»»

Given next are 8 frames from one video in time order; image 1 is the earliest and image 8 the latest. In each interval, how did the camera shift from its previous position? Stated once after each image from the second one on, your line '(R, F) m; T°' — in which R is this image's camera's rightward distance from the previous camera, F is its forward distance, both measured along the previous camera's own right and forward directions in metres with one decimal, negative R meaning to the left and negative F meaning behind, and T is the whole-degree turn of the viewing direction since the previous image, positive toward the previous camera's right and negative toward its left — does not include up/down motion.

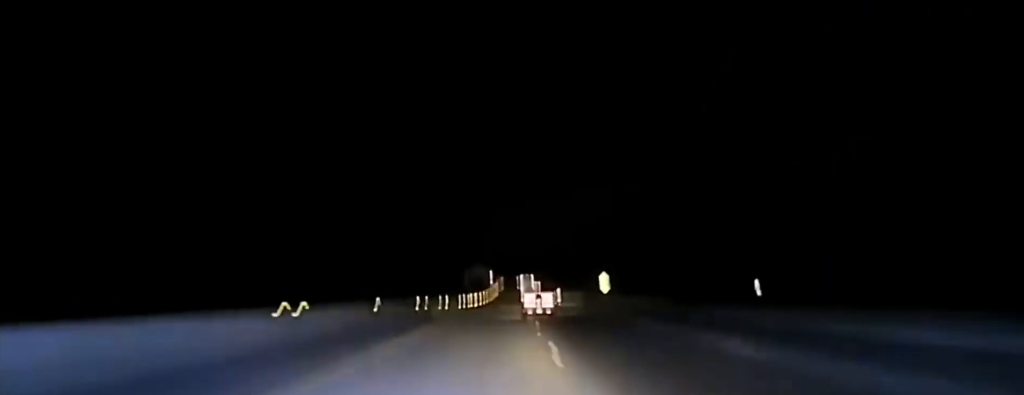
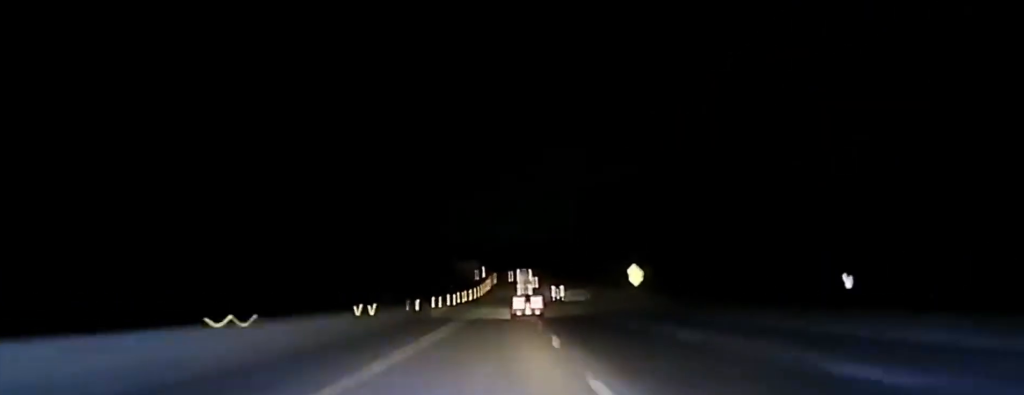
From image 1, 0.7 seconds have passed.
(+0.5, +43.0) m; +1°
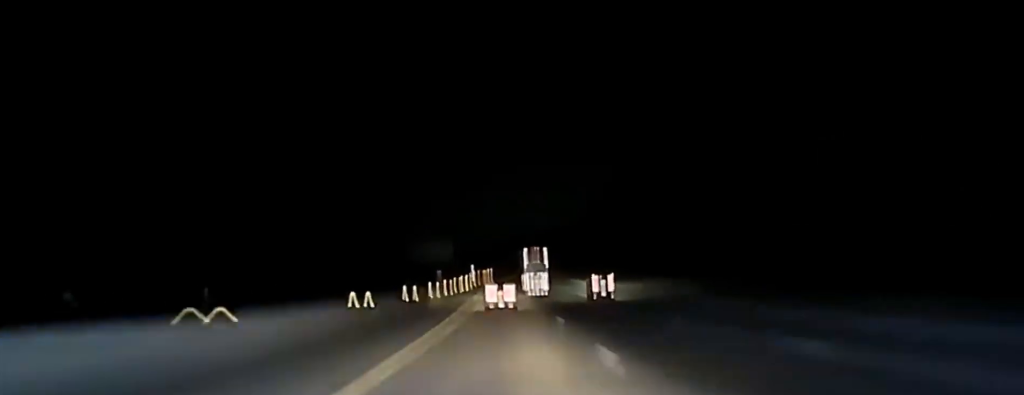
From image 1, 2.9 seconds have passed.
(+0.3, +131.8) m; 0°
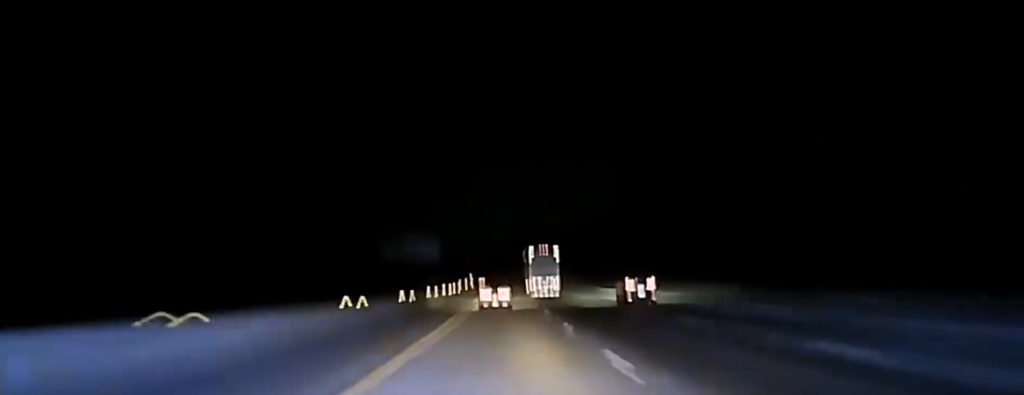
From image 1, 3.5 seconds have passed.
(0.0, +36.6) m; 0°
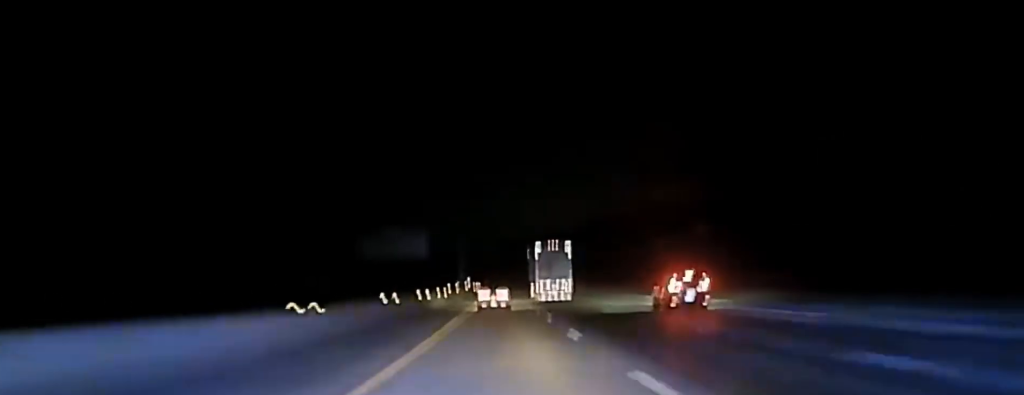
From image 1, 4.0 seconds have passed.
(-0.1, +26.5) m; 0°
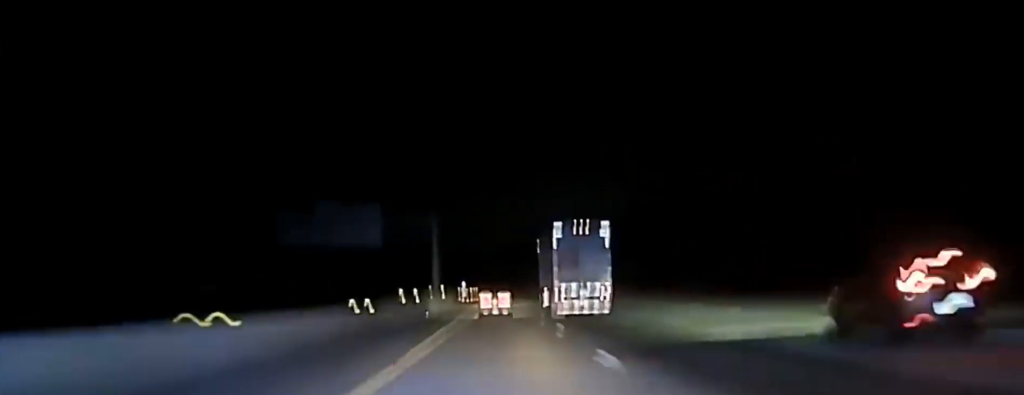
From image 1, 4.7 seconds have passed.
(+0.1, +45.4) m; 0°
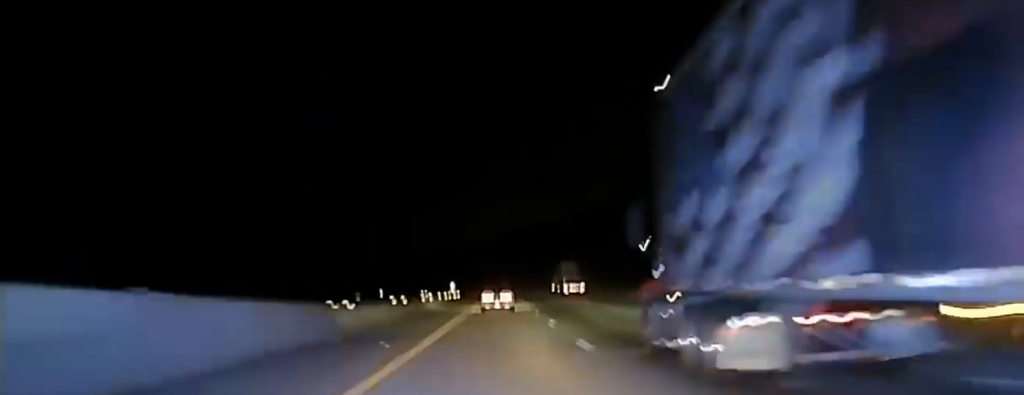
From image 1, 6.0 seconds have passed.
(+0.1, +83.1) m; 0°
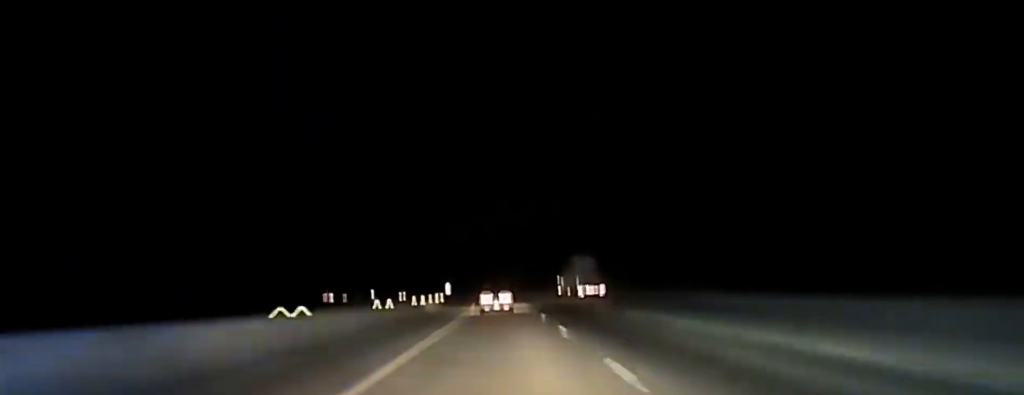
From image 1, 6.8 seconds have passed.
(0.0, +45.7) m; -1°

««

_Task objective_:
Transcribe only the lines from the one holding "From image 1, 3.5 seconds have passed." through the last line of the listing above, inclusive, and do not include the pictures.

_Solution for this task_:
From image 1, 3.5 seconds have passed.
(0.0, +36.6) m; 0°
From image 1, 4.0 seconds have passed.
(-0.1, +26.5) m; 0°
From image 1, 4.7 seconds have passed.
(+0.1, +45.4) m; 0°
From image 1, 6.0 seconds have passed.
(+0.1, +83.1) m; 0°
From image 1, 6.8 seconds have passed.
(0.0, +45.7) m; -1°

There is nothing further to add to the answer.